Information supplied>
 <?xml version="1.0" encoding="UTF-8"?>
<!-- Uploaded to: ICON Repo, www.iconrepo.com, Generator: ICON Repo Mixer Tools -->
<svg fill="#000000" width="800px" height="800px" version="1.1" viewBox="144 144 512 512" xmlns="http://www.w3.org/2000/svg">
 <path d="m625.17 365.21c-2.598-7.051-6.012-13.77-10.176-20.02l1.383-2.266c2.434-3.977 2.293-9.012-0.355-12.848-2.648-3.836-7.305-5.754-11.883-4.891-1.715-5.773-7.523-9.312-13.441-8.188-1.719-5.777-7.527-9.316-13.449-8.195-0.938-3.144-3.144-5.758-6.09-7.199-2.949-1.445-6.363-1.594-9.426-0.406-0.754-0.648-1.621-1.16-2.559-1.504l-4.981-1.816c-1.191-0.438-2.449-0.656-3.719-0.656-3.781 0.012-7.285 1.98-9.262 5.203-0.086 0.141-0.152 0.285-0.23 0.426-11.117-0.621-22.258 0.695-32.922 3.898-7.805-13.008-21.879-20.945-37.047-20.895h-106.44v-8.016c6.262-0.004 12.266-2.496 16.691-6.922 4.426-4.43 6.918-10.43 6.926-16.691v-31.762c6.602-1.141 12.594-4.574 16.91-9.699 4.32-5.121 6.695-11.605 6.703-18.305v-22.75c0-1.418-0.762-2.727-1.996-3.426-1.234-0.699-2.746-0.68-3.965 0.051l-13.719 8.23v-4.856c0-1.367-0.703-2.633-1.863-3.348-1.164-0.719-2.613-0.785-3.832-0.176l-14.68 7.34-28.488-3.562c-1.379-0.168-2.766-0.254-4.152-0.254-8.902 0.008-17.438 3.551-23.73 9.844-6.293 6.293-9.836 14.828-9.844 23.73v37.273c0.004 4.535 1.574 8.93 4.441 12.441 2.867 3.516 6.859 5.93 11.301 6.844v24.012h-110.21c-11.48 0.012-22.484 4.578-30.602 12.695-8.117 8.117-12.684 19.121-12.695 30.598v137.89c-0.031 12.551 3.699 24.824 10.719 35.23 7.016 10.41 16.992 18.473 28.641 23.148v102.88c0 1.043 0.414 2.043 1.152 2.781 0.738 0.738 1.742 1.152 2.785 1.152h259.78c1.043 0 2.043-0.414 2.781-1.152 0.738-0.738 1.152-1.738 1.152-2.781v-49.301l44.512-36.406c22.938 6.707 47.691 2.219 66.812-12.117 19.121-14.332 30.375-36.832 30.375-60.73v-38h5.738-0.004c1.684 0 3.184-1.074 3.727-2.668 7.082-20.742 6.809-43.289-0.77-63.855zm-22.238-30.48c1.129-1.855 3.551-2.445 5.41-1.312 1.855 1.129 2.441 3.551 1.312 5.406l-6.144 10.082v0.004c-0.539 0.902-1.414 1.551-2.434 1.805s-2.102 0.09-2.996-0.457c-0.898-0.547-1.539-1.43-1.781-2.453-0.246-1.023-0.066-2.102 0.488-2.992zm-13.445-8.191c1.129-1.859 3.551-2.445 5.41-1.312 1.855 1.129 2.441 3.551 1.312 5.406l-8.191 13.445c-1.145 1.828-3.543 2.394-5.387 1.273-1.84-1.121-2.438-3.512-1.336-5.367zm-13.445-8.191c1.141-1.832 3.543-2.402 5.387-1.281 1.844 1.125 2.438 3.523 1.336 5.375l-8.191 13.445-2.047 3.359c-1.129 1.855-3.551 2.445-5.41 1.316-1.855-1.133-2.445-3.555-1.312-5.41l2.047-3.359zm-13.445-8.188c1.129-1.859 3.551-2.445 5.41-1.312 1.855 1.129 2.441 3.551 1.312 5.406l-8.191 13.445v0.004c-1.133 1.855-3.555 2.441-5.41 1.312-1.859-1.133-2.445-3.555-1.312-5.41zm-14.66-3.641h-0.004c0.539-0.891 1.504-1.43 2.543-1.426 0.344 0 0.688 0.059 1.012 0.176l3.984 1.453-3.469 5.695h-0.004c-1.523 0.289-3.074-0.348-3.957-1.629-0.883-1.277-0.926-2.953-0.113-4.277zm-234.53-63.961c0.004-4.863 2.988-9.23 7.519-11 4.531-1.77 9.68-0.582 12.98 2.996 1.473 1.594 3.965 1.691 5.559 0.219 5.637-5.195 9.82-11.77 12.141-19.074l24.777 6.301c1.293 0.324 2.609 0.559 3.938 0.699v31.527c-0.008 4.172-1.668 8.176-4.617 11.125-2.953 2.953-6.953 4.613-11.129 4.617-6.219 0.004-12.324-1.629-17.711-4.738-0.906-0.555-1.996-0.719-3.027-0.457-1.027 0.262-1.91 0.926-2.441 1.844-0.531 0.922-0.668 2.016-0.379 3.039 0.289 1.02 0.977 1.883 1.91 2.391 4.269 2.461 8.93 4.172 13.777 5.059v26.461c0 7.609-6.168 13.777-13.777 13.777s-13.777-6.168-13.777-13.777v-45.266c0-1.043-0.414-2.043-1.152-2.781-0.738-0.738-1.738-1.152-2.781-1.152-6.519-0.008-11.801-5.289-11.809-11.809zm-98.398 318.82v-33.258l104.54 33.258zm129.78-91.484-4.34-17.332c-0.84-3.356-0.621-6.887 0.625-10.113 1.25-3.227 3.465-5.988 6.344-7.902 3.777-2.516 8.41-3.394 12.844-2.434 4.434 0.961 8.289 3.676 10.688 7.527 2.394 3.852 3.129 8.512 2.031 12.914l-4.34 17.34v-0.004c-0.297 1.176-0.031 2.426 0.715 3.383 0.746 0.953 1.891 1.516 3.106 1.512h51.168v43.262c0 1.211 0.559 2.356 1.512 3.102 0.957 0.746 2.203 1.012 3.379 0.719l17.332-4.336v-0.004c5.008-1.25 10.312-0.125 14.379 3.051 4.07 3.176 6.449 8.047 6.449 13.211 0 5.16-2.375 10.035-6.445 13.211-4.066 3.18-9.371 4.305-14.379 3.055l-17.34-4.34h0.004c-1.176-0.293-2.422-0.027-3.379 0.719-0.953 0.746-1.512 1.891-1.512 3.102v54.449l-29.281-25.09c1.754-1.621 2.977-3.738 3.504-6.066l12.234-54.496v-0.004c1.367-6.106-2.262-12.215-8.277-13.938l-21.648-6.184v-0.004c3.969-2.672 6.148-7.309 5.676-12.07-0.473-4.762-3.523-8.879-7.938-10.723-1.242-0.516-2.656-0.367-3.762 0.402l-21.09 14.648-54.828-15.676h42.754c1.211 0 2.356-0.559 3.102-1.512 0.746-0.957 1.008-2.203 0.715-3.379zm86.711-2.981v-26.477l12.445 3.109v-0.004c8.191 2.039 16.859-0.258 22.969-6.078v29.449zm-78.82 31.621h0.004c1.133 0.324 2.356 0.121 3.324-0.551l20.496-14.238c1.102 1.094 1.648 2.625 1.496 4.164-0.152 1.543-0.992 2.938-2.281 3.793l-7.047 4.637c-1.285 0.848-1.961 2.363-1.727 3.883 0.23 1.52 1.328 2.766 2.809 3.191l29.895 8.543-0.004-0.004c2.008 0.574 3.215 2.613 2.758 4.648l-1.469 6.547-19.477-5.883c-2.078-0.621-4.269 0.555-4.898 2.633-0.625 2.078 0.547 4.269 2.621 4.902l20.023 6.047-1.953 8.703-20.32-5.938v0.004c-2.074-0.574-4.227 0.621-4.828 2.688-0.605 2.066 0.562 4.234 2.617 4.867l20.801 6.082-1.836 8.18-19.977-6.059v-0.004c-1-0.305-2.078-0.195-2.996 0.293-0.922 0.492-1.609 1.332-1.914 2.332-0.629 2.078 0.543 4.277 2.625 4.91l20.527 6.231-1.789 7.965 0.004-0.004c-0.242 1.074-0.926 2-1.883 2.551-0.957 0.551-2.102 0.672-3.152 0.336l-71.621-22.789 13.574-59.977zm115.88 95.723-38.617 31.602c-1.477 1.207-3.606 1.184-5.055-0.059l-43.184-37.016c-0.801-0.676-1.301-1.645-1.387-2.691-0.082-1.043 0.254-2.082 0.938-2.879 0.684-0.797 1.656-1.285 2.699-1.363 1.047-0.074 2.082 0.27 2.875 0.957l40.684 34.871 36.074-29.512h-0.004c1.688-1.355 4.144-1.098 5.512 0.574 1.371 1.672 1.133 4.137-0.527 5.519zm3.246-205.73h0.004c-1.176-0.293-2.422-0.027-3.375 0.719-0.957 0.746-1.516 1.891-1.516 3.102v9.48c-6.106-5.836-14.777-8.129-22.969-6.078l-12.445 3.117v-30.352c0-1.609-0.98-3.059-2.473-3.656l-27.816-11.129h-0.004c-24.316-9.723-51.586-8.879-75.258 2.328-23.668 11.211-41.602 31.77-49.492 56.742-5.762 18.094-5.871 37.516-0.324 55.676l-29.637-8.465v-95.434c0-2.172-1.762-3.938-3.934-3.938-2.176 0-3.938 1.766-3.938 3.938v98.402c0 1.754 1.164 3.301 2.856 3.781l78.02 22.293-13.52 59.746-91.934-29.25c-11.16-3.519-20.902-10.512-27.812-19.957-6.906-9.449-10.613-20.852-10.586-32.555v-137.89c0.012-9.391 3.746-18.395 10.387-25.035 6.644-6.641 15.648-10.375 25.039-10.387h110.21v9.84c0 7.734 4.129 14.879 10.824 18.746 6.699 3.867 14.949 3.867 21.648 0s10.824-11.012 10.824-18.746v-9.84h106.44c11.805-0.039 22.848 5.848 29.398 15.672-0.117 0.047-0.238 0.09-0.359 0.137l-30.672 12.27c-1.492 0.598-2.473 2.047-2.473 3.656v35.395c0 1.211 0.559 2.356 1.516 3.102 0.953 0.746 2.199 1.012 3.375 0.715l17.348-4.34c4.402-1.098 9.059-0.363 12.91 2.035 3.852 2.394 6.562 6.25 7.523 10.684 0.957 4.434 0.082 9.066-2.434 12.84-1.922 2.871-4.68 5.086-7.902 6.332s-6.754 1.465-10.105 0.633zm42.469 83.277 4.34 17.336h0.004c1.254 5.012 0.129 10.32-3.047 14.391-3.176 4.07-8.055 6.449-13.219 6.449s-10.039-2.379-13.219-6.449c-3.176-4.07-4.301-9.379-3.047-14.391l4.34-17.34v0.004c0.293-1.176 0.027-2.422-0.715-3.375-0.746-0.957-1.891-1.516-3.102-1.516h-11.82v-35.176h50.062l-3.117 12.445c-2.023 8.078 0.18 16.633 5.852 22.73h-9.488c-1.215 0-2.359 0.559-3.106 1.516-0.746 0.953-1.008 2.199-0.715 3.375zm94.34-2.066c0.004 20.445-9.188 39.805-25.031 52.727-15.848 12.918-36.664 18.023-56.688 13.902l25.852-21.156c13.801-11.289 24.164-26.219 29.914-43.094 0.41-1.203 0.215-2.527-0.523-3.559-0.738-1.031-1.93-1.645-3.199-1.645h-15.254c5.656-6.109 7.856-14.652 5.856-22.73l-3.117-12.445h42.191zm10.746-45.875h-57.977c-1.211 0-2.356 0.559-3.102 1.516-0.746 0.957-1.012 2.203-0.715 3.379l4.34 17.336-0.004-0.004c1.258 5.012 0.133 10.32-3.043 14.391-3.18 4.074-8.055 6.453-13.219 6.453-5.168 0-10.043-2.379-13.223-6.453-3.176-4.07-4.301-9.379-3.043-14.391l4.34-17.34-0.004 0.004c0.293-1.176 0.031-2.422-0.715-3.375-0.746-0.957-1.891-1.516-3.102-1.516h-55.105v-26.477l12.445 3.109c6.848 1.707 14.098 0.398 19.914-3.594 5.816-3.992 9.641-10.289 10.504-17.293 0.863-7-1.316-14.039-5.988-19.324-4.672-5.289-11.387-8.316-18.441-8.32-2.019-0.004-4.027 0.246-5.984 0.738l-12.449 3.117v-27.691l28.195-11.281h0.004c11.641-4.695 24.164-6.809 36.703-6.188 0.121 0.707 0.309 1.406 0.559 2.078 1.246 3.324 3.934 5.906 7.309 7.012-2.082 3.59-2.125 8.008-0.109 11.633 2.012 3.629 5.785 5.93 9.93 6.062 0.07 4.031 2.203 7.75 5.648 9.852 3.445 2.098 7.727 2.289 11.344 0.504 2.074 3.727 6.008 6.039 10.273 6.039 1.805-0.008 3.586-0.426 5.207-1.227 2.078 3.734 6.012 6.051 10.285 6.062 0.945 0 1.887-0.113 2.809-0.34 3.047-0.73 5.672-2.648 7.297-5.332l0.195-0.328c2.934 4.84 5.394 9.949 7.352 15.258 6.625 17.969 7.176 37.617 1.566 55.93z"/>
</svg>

Requirement>
Using the records above, list each line that includes "version".

Exercise response>
 <?xml version="1.0" encoding="UTF-8"?>
<svg fill="#000000" width="800px" height="800px" version="1.1" viewBox="144 144 512 512" xmlns="http://www.w3.org/2000/svg">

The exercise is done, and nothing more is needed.